No Free Market in Cambridge

Cambridge Market.

Cambridge Market

At Cambridge City Council’s West / Central Area Committee on the 5th of January 2012 a member of the public, Edward Kerns, who claimed to be representing Christ’s Pieces Residents Association made a number of contributions related to Cambridge’s Market.

Firstly he passed on complaints from market stall-holders about the Made It Market held in the Guildhall on the 24th of November. His complaint, which he said was one raised by some market traders, was that the council was allowing competition, and that some market stalls were selling very similar items to those on sale inside the Guildhall during the event. The member of the public said that market stall holders expected, as part of their contract with the council, to have a monopoly in their particular area of trade, and were not happy at the council allowing competitors to operate. It was noted that on the day of the event the weather wasn’t very good, further encouraging trade inside and away from the outdoor market.
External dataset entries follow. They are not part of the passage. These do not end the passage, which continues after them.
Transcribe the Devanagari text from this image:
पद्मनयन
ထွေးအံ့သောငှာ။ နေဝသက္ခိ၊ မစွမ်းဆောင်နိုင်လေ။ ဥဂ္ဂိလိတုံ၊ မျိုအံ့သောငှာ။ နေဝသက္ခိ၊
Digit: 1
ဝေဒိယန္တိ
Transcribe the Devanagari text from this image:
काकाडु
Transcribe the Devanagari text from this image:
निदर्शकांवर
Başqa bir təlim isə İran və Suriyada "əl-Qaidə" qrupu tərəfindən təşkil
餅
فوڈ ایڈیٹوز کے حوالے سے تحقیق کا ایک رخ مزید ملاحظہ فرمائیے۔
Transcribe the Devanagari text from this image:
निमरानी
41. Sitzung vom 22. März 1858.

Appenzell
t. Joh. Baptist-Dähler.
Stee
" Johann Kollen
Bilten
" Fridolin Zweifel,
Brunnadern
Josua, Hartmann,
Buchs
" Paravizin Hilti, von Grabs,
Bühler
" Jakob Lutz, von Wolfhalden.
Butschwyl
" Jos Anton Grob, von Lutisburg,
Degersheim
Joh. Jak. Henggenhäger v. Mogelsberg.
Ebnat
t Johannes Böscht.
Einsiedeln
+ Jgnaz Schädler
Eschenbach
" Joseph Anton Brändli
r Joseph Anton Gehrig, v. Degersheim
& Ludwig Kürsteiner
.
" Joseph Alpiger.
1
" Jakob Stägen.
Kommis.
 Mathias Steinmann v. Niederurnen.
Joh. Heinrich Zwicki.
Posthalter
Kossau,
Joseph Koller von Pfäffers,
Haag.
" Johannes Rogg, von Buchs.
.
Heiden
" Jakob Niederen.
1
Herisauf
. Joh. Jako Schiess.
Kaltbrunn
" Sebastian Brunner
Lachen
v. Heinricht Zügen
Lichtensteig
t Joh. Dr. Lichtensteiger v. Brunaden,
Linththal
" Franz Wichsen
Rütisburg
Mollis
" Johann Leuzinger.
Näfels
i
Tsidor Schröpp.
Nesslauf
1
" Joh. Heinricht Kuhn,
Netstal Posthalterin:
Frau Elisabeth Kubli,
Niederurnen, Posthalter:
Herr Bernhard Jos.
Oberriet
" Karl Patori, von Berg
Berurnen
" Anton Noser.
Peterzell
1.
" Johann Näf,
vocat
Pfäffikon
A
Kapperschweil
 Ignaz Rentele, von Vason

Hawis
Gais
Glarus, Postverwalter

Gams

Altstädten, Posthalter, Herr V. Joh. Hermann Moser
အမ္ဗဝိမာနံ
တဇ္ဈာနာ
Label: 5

I was astonished by the response given by Cllr Cantrill. Cllr Cantrill confirmed the council ran a no-competition policy and stated there were “no competing traders in the market”. Observant Cllr Rosenstiel noted that there was often more than one fruit and veg stall on the Market; Cllr Cantrill didn’t respond to this but instead laughed.

I was surprised to learn that the council aim to control market stalls in this way. I would prefer there to be a free market and free, unregulated, competition.

Cllr Cantrill said that the council had probably hired out the hall to someone to run the inside market and wasn’t in-control of the individual stalls. He said that one part of the council probably wasn’t aware of what another part was doing and the member of the public agreed pointing out that was pretty much the problem he was raising.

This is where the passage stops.